Everyone could tell our son was a Tigers fan. When he was handed his diploma, he dropped it.
Q: Who was the best business woman in the Bible? A: Pharoah's daughter – she drew a profit from the rush at the bank.
I got so fed up with trick or treaters at Halloween that in the end I turned the lights out and pretended I wasn't in. Forget the ships. My lighthouse, my rules...
Q: What's the worst thing about being lonely? A: Playing Frisbee.
Chuck Norris's GPS still can't find him.
A panda bear walks into a restaurant and orders a sandwich. When he receives the sandwich he eats it and then shoots the waiter and leaves the restaurant. A policeman sees the panda and tells him he just broke the law. The panda bear tells the policeman that he's innocent and, if he didn't believe him, to look in the dictionary. The policeman gets a dictionary and looks up "panda bear." It says, "Panda Bear: eats shoots and leaves."

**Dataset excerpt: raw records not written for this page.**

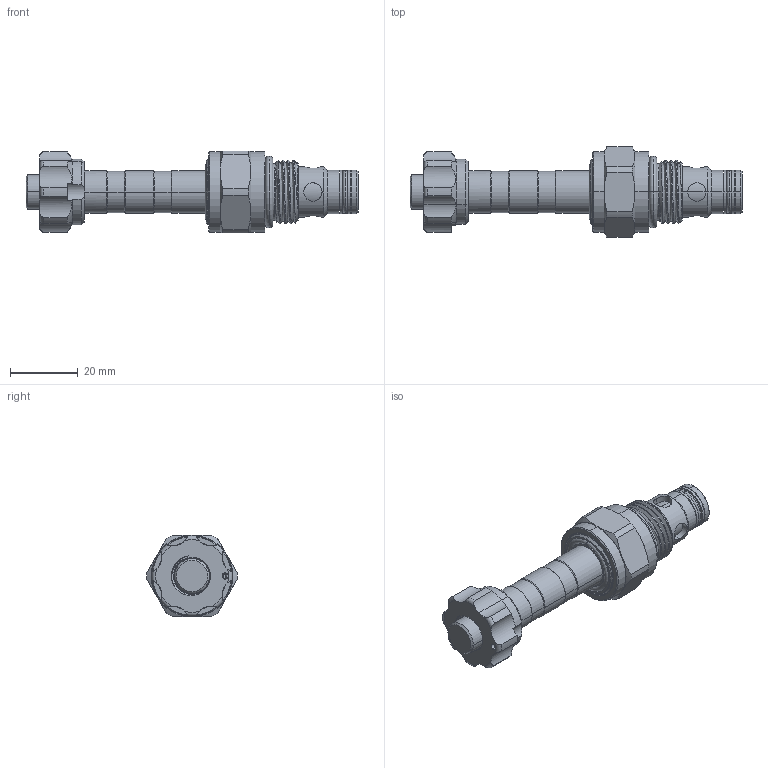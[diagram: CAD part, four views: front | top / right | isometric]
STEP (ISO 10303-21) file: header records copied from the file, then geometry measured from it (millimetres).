
FILE_DESCRIPTION (( 'STEP AP203' ), '1' );
FILE_NAME ('EP08W2A09M05.STEP', '2016-08-15T01:12:53', ( '' ), ( '' ), 'SwSTEP 2.0', 'SolidWorks 2012', '' );
FILE_SCHEMA (( 'CONFIG_CONTROL_DESIGN' ));
Length unit declared in the file: millimetre
Products named in the file (1): EP08W2A09M05
Bounding box: 97.85 x 26.69 x 24 mm (x, y, z)
Volume: 21626.2 mm3; surface area: 9472.4 mm2
Topology: 6 solids, 6 shells, 244 faces, 583 edges, 363 vertices
Faces by surface type: cylinder 120, cone 56, plane 32, torus 28, bspline 8
Entity records: 17368 total; most frequent: CARTESIAN_POINT 11806, ORIENTED_EDGE 1166, DIRECTION 1147, EDGE_CURVE 583, AXIS2_PLACEMENT_3D 492, VERTEX_POINT 363, EDGE_LOOP 268, CIRCLE 255

A man consulted his priest about getting a divorce. The priest was surprised. "Why on earth would you want to divorce such a lovely wife? She is soft and gentle and, if I may say so, she is also quite beautiful and nicely proportioned. I really can’t see what you have to complain about." The man took off his shoe. "See this shoe," he said, showing it to the priest, "The leather is soft and gentle. It is a beautiful piece of work and nicely proportioned." "Ah"” said the priest, "a parable." "In a way, Father," replied the man. "I’m the only one who knows it pinches."
Why did the farmer feed money to his cow? He wanted rich milk.
Did you hear about the blonde that stayed up all night to see where the sun went? It finally dawned on her.
If Chuck Norris misses a roundhouse-kick, you will still die.